Portico in legno, serve il titolo edilizio?

Per la contestazione di un intervento edilizio, la pubblica amministrazione deve fornire dati inconfutabili circa l’abuso

di Redazione tecnica - 20/02/2025

Quando un portico in legno necessita del permesso di costruire? Quali sono i limiti dimensionali per considerare un'opera pertinenziale e non un abuso edilizio? E in che modo si concilia tutto questo con il regolamento edilizio comunale?

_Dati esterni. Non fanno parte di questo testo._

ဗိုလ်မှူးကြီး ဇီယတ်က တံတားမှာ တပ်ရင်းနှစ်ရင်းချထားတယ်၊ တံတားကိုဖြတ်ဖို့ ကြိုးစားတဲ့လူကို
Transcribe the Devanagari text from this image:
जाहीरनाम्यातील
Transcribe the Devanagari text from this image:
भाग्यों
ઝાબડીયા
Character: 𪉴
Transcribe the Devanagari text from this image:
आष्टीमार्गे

Portico in legno: interviene il TAR

Domande che, come spesso accade, non trovano risposta all’interno di una sola legge (benché la legge che regola l’attività edilizia si chiami “Testo Unico Edilizia”) ma in un’intricata selva di normative nazionali, regionali e comunali (oltre che una buona dose di buonsenso) oppure nelle aule dei tribunali, dove si gioca la partita. È il caso della sentenza n. 23/2025 del TAR Emilia-Romagna che affronta proprio questo tema, offrendo spunti importanti per chi si occupa di urbanistica e diritto edilizio.

La vicenda nasce da un'ordinanza del Comune che disponeva la demolizione di un portico in legno di “circa” 31,5 mq, ritenuto privo di titolo abilitativo. Il proprietario, contestando la misura, ha impugnato l'ordinanza davanti al TAR, sostenendo che il portico, realizzato tra il 2013 e il 2014, rientrava nei limiti dimensionali previsti dal regolamento edilizio comunale, che lo classificava come opera pertinenziale soggetta a DIA (oggi SCIA) e non a permesso di costruire.

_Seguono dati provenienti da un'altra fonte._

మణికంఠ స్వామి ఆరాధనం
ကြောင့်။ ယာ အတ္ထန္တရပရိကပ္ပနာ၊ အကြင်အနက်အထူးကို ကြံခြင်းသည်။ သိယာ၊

La posizione del TAR: precisione e buon senso

Il TAR Emilia-Romagna ha accolto il ricorso, sottolineando due aspetti chiave:

  1. misurazioni imprecise: il Comune aveva indicato una superficie "circa" 31,5 mq, appena sopra il limite dei 30 mq stabilito dal regolamento comunale per considerare il portico un'opera pertinenziale. Tuttavia, la perizia di parte ricorrente indicava una superficie netta di 20 mq, non contestata dall'amministrazione;
  2. regolamento edilizio comunale: il TAR ha evidenziato che, secondo l'art. 97 del regolamento edilizio del Comune (introdotto nel 2010), le tettoie e i porticati in legno fino a 30 mq sono opere pertinenziali prive di rilevanza urbanistica e quindi soggette a SCIA, non a permesso di costruire.

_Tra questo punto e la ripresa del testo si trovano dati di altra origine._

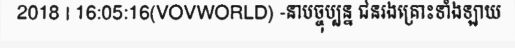
2018 | 16:05:16(VOVWORLD) -នាបច្ចុប្បន្ន ជនរងគ្រោះទាំងឡាយ
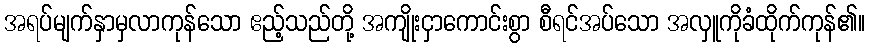
အရပ်မျက်နှာမှလာကုန်သော ဧည့်သည်တို့ အကျိုးငှာကောင်းစွာ စီရင်အပ်သော အလှူကိုခံထိုက်ကုန်၏။
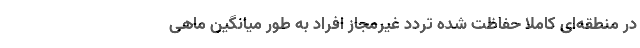
در منطقه‌ای کاملا حفاظت شده تردد غیرمجاز افراد به طور میانگین ماهی
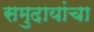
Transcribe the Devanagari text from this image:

Un altro punto di frizione riguardava la distanza dai confini. Il Comune aveva sostenuto che l'opera non poteva essere sanata per il mancato rispetto delle distanze, nonostante un accordo tra i proprietari confinanti risalente al 2008. Il TAR ha chiarito che, se il Comune ammette la deroga alle distanze su accordo tra privati, non può poi negare la sanatoria per la presunta assenza di tale accordo, specie quando esiste una scrittura privata, anche se non registrata.

Conclusioni

Questa sentenza ci ricorda quanto sia fondamentale, per i tecnici e le amministrazioni, un'attenta qualificazione urbanistica delle opere edilizie. Non ogni manufatto in legno richiede un permesso di costruire e, soprattutto, le norme locali (se coerenti con il quadro nazionale) non possono essere ignorate a favore di una rigida applicazione del Testo Unico dell'Edilizia.

La lezione? Prima di emettere un'ordinanza di demolizione, occorre verificare con attenzione la disciplina locale, la datazione dell'opera e la reale consistenza dell'abuso. Altrimenti, come dimostra questo caso, il TAR non esiterà a ristabilire il buon senso, annullando provvedimenti e condannando l'ente alle spese di lite.

Una vittoria per il diritto, ma anche un monito per le amministrazioni: il rispetto delle regole vale per tutti, Comune compreso.